Gringotts Bank said:


> There's been quite a few threads on this in the past.  Try searching Google ASF (ASF's search doesn't work too well... not sure why).




Thank you, I will give that a try. Hopefully I can come up with something.


----------



## luutzu (24 April 2016)

pcj821 said:


> Hi
> 
> I'm a part-time currency trader, I've been trading for roughly 8 years and have been turning a modest profit for a few years now. I have had interest from a few friends and family about trading some of their funds. I realise this is a tricky thing to do legally, but, I thought it may be possible to do this without requiring a ASFL via a trust structure with a corporate trustee of which all beneficiaries are directors and shareholders of the company.
> 
> ...





Look into setting up a partnership.

Write up your own partnership deed, get the partners details, sign the dotted lines... register for ABN and off yo go.


----------



## Craglet (24 April 2016)

luutzu said:


> Look into setting up a partnership.
> 
> Write up your own partnership deed, get the partners details, sign the dotted lines... register for ABN and off yo go.




Aren't partnerships a bit of concern due to personal liability affecting the other partners?

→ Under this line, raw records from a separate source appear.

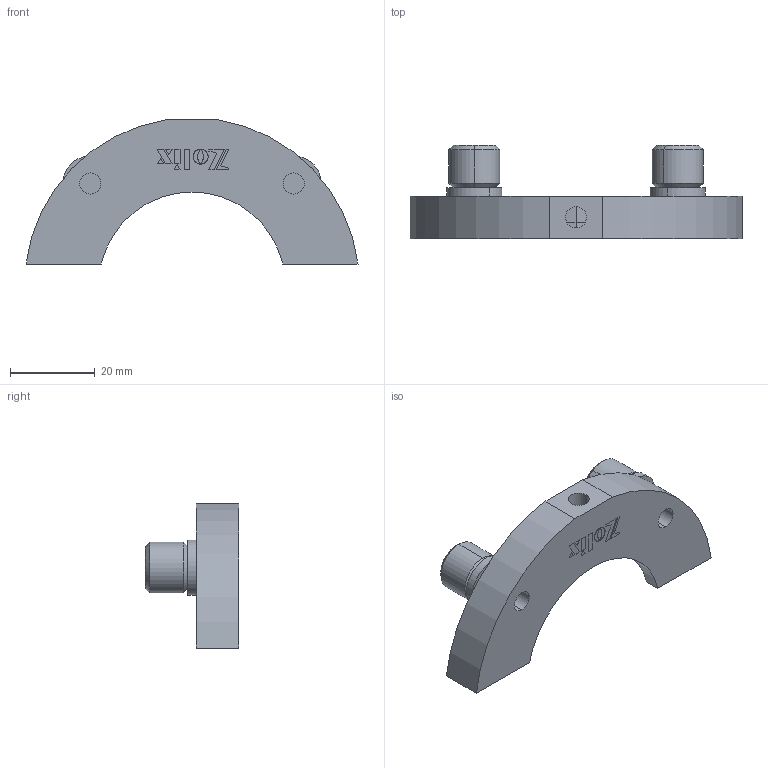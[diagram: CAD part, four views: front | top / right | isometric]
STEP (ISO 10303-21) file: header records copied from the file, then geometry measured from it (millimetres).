
FILE_DESCRIPTION (( 'STEP AP203' ), '1' );
FILE_NAME ('APID42-GD.STEP', '2022-07-19T09:20:54', ( '' ), ( '' ), 'SwSTEP 2.0', 'SolidWorks 2021', '' );
FILE_SCHEMA (( 'CONFIG_CONTROL_DESIGN' ));
Length unit declared in the file: millimetre
Products named in the file (1): APID42-GD
Bounding box: 78.36 x 22 x 34 mm (x, y, z)
Surface area: 7002.2 mm2 (no closed solid volume)
Topology: 0 solids, 8 shells, 71 faces, 407 edges, 344 vertices
Faces by surface type: plane 43, cylinder 20, cone 8
Entity records: 4019 total; most frequent: CARTESIAN_POINT 823, DIRECTION 607, ORIENTED_EDGE 542, EDGE_CURVE 407, LINE 351, VECTOR 351, VERTEX_POINT 344, AXIS2_PLACEMENT_3D 128

One of persons interested for instance has their own business, if it went south I wouldn't want affecting my funds or anyone else.


----------



## luutzu (27 April 2016)

pcj821 said:


> Aren't partnerships a bit of concern due to personal liability affecting the other partners? One of persons interested for instance has their own business, if it went south I wouldn't want affecting my funds or anyone else.




From what I know, you and partners set up a partnership agreement - with the details and conditions and liabilities, responsibilities, obligations... who the general partners are etc.

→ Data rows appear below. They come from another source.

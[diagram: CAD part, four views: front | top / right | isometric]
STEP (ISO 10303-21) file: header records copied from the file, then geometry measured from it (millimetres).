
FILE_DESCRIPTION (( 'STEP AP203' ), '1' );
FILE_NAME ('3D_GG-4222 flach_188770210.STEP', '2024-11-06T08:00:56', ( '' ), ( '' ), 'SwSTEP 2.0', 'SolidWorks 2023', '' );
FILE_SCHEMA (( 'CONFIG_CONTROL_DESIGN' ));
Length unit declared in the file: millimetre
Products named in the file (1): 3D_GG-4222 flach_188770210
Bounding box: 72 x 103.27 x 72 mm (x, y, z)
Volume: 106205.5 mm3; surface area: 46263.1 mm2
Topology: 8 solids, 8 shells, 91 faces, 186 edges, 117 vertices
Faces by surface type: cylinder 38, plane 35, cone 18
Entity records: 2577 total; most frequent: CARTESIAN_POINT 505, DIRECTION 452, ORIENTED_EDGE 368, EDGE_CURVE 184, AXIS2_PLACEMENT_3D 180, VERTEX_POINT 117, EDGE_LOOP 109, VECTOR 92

Then the funds are pooled into that partnership's account and you as the general partner do with it as stated in the deed. Get your cut and divvy up the profit among the partners as per their shareholding.

So I don't think the partners other businesses or liabilities will affect this particular partnership, at least not the other partners' holdings of it.

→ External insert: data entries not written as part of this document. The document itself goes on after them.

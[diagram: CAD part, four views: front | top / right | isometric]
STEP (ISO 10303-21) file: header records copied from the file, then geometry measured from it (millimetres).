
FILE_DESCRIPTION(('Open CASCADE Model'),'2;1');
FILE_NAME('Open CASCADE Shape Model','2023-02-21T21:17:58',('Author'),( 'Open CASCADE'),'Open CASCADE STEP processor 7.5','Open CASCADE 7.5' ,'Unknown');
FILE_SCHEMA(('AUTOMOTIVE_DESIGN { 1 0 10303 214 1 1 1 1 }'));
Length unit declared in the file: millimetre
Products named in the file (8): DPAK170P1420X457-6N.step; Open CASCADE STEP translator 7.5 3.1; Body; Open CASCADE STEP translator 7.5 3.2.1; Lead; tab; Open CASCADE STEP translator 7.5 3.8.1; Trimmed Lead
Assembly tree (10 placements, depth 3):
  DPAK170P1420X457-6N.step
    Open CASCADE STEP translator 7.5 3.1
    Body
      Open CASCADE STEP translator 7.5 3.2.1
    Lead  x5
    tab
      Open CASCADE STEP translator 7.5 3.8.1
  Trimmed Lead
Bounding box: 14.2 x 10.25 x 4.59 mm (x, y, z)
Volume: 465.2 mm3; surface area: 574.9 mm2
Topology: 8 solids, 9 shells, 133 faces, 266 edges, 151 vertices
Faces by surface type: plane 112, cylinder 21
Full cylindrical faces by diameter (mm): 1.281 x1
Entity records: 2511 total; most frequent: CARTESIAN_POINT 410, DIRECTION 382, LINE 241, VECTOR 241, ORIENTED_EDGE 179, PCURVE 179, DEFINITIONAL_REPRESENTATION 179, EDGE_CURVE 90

But see an accountant or a lawyer and have it set up properly if there are concerns.

That or you can set up a pty.ltd company with the others as directors, you being the managing director.

These would mean there is no need for financial services license as it's a private company and all involves are considered partner in the venture. AFSL would apply to when you advise or invest money for clients. Make them partners and that should solve it.

But again, see lawyer and accountant. I had only done it once a while back and all through BusinessLink or whatever it was called.


----------



## lusk (28 April 2016)

pcj821 said:


> Hi
> 
> I'm a part-time currency trader, I've been trading for roughly 8 years and have been turning a modest profit for a few years now. I have had interest from a few friends and family about trading some of their funds. I realise this is a tricky thing to do legally, but, I thought it may be possible to do this without requiring a ASFL via a trust structure with a corporate trustee of which all beneficiaries are directors and shareholders of the company.
> 
> ...




Your risking more than money doing this for family/friends they will expect upside without any downside.

I've done it before, if l could get more than bank interest they would be happy, then you make a heap for them and its not enough they want more. Its really not worth the drama.


----------



## Craglet (30 April 2016)

luutzu said:


> From what I know, you and partners set up a partnership agreement - with the details and conditions and liabilities, responsibilities, obligations... who the general partners are etc.
> 
> Then the funds are pooled into that partnership's account and you as the general partner do with it as stated in the deed. Get your cut and divvy up the profit among the partners as per their shareholding.
> 
> ...




Thank you very much luutzu. This is exactly the kind of information I've been looking for, I will be seeing an accountand and lawyer in the near future to discuss this. I'm glad that there is a very good chance that it can be done this way legally.



> Your risking more than money doing this for family/friends they will expect upside without any downside.
> 
> I've done it before, if l could get more than bank interest they would be happy, then you make a heap for them and its not enough they want more. Its really not worth the drama.




Thank you for your concern lusk, it is valid. I'll look into various ways of reducing this kind of outcome.


----------



## Wysiwyg (30 April 2016)

Some issues I see are :-
1) the psychological pressure to succeed where losing your own money was not as big deal.
2) being able to continuously adhere to a strategy through the worst drawdown. 
3) sleep deprivation due to worry or what is happening in the market right now, Especially the 24 hour FX market.
4) modest recent past success doesn't invoke confidence
5) Deductions = tax, commissions, holding (IRS) costs, your fees, fund distributions 

"It's not as easy as it seems", she wrote.


----------



## Craglet (30 April 2016)

Wysiwyg said:


> Some issues I see are :-
> 1) the psychological pressure to succeed where losing your own money was not as big deal.
> 2) being able to continuously adhere to a strategy through the worst drawdown.
> 3) sleep deprivation due to worry or what is happening in the market right now, Especially the 24 hour FX market.
> ...




These are certainly some potential risks that need to be minimized, even before commencing to trade with you own funds yet alone someone else's.


----------